**PROBLEM TO SOLVE**
Each line of the material below is to be given again exactly.

**RECORDS FOR THIS EXERCISE**
§

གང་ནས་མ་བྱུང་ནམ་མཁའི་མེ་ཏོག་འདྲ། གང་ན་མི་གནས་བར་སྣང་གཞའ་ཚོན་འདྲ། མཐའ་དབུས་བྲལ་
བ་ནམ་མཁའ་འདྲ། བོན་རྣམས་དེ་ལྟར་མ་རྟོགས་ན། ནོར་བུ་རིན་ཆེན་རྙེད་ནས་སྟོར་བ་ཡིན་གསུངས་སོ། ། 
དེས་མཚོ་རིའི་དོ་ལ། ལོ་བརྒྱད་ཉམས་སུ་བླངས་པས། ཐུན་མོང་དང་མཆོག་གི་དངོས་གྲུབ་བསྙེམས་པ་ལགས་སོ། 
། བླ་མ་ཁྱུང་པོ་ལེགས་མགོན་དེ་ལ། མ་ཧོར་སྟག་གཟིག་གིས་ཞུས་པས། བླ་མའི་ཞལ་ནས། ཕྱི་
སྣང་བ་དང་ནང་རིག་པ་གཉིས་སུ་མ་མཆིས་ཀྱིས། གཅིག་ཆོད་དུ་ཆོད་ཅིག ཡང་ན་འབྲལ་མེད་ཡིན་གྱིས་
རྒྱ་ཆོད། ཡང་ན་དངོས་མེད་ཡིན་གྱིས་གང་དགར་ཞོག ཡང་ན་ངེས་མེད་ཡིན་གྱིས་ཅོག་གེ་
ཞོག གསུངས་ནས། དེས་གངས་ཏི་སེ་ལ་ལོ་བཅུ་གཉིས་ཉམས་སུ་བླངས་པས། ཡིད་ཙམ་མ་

§

**ANSWER AREA**
གང་ནས་མ་བྱུང་ནམ་མཁའི་མེ་ཏོག་འདྲ། གང་ན་མི་གནས་བར་སྣང་གཞའ་ཚོན་འདྲ། མཐའ་དབུས་བྲལ་
བ་ནམ་མཁའ་འདྲ། བོན་རྣམས་དེ་ལྟར་མ་རྟོགས་ན། ནོར་བུ་རིན་ཆེན་རྙེད་ནས་སྟོར་བ་ཡིན་གསུངས་སོ། ། 
དེས་མཚོ་རིའི་དོ་ལ། ལོ་བརྒྱད་ཉམས་སུ་བླངས་པས། ཐུན་མོང་དང་མཆོག་གི་དངོས་གྲུབ་བསྙེམས་པ་ལགས་སོ། 
། བླ་མ་ཁྱུང་པོ་ལེགས་མགོན་དེ་ལ། མ་ཧོར་སྟག་གཟིག་གིས་ཞུས་པས། བླ་མའི་ཞལ་ནས། ཕྱི་
སྣང་བ་དང་ནང་རིག་པ་གཉིས་སུ་མ་མཆིས་ཀྱིས། གཅིག་ཆོད་དུ་ཆོད་ཅིག ཡང་ན་འབྲལ་མེད་ཡིན་གྱིས་
རྒྱ་ཆོད། ཡང་ན་དངོས་མེད་ཡིན་གྱིས་གང་དགར་ཞོག ཡང་ན་ངེས་མེད་ཡིན་གྱིས་ཅོག་གེ་
ཞོག གསུངས་ནས། དེས་གངས་ཏི་སེ་ལ་ལོ་བཅུ་གཉིས་ཉམས་སུ་བླངས་པས། ཡིད་ཙམ་མ་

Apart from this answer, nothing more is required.